OGDEN — Ziegfeld’s production of Baskerville: A Sherlock Holmes Mystery puts a sidesplitting spin on Sir Arthur Conan Doyle‘s classic tale and is an excellent example of what makes live theatre exciting. The script, written by Ken Ludwig (author of Lend Me a Tenor), keeps all the suspense and mystery of The Hound of the Baskervilles, but fills story with a buoyancy that keep the audience laughing throughout.
The play opens with the murder of Sir Charles Baskerville under mysterious circumstances, which leads to Sherlock Holmes and Dr. Watson to solve the case before the next male heir to the Baskerville fortune can be murdered. What I loved most about this production was that rather than trying to compete with big hyper-realistic cinematic versions of Sherlock Holmes, the play embraces everything that is special about live theatre by contracting into an intimate and imaginative rendition, using just five people for 45 characters without missing a beat or confusing an accent.
Michael Reis plays the title character as an eccentric sleuth well by giving him a distant and remote personality. Reis a difficult task: take the well-known archetype Sherlock and be the straight man for many of the burleque-style jokes while moving the story forward in this classic Holmes yarn. Given this challenge, Reis does a good job keeping up the pace and moving the mystery forward.
Of course, no Sherlock would be complete without his trusty Dr. Watson (played by Josh Curtis) to play against. Curtis is equally adept at playing the pompous British upper crust as well as a kind man devoted to his friends. Watson is arguably a bigger star in the story than Holmes, as he is the narrator who tells Holmes’ story, but the rapport between Reis and Curtis is excellent and both actors are agreeable.
The majority of the comedy in the show comes from the other three actors who play the other 43 characters by changing costumes, wigs, hats, accents and personalities. Colton Ward plays Actor 2, and among his many personas is the equally romantic and abrasive Texan heir to the Baskerville fortune upon the death of his cousin in the show’s opening moments. Ward is wonderful as the new Lord Baskerville, as well as his other assortment of characters. At one point he has to talk to himself and go from Inspector Lestrade back to Henry Baskerville with just a spin and a hat change, which leaves me in stitches.
As Actor 3, Natalie Peterson must portray almost all the female roles. Peterson’s range is astounding as she goes from an innocent romantic, to a slum kid, bumpkin, elderly Mrs. Hudson, and the creepy housekeeper. Both her accents and her comic timing are impeccable, whether she is portraying the vixen or the cabbie.
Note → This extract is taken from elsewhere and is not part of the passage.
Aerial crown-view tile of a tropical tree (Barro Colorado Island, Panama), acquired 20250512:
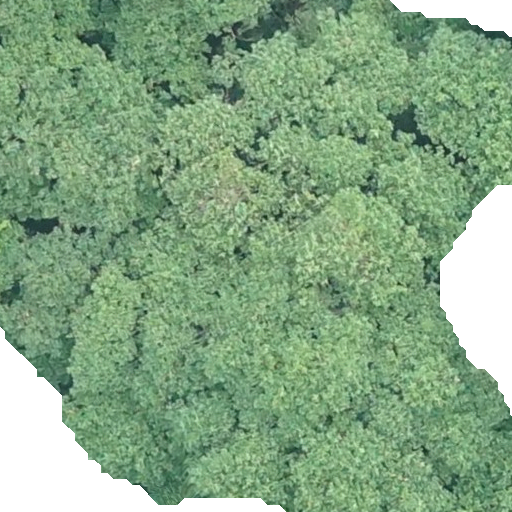
Species: Hieronyma alchorneoides
GBIF accepted scientific name: Hieronyma alchorneoides
Crown area: 442.682 m²
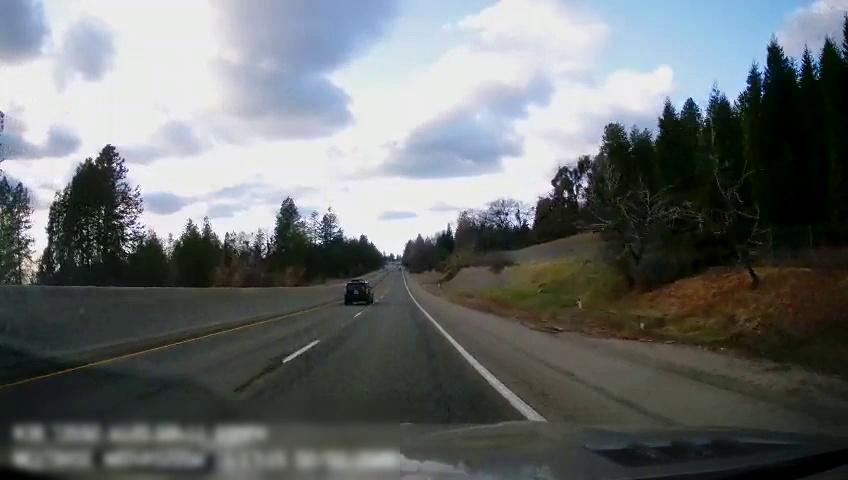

Of the five actors on stage, the most standout performer was Caleb Parry as Actor 1. Parry was full of energy and stamina, gave each of his characters hysterical quirks, and was totally committed to every gag with no fear of strange accents, pratfalls, silly walks, or funny facial hair. At one point Parry, playing Dr. Mortimer at the time, had his mustache fall off on accident. Parry hilarioushly handled the mishap by putting the mustache in his pocket and saying, “I can shave at will!” The moment was so funny that it stopped the scene because of the uproarious laughter that Parry triggered. One of my favorite planned gags in the show gives homage to Mel Brooks’s Young Frankenstein, where Parry and Peterson play the housekeeper and his wife as Igor and Frau Blucher.
Director Eb Madson wore many hats for this production. Aside from directing, Madson also designed the set and props and dressed the set. The set design was the perfect minimal approach, setting the scene with just a few well placed pieces to engage the audience’s imagination and keep the action of the play moving forward from place to place with quick scene changes. Enhancing the set was projection design by Kiera Stay. Her work was beautiful, consistent, and tied the scenes together. Costume designer Timery Reis gave Sherlock his traditional a deerstalker cap, as the audience expects, but had to keep all five actors in a myriad of costume pieces as they flitted from one persona to another. The costumes are about the best quick-change work I have seen in a long while.
Baskerville is not a big and flashy musical. It calls on the audience to think, use imagination, and follow along the mystery as the cast balances precariously between melodrama and farce. Very young audiences will appreciate the gags, but might struggle to understand the intricate plot from Sir Arthur Conan Doyle’s works. Also, the actors do not have microphones, which fostered the show’s authentically theatrical mood, but may be a problem in some of the whispered scenes for audience members sitting in the back of the theater. Also, Madson uses the fog machines liberally (it is a spooky tale set in England after all), but it does fill up the space and have the characteristic smell.
I loved leaving all the drama of the twenty-first century behind and diving into the world of 221 B Baker Street. Baskerville is family friendly, and the theatre follows COVID guidelines with temperature checks, distanced seating, and requiring audience members to wear masks when not eating. Barring those precautions, the outside world and all its stresses are held at bay as this comical production expertly celebrates what is wonderful about theatre and had me laughing, chortling, or guffawing all night long.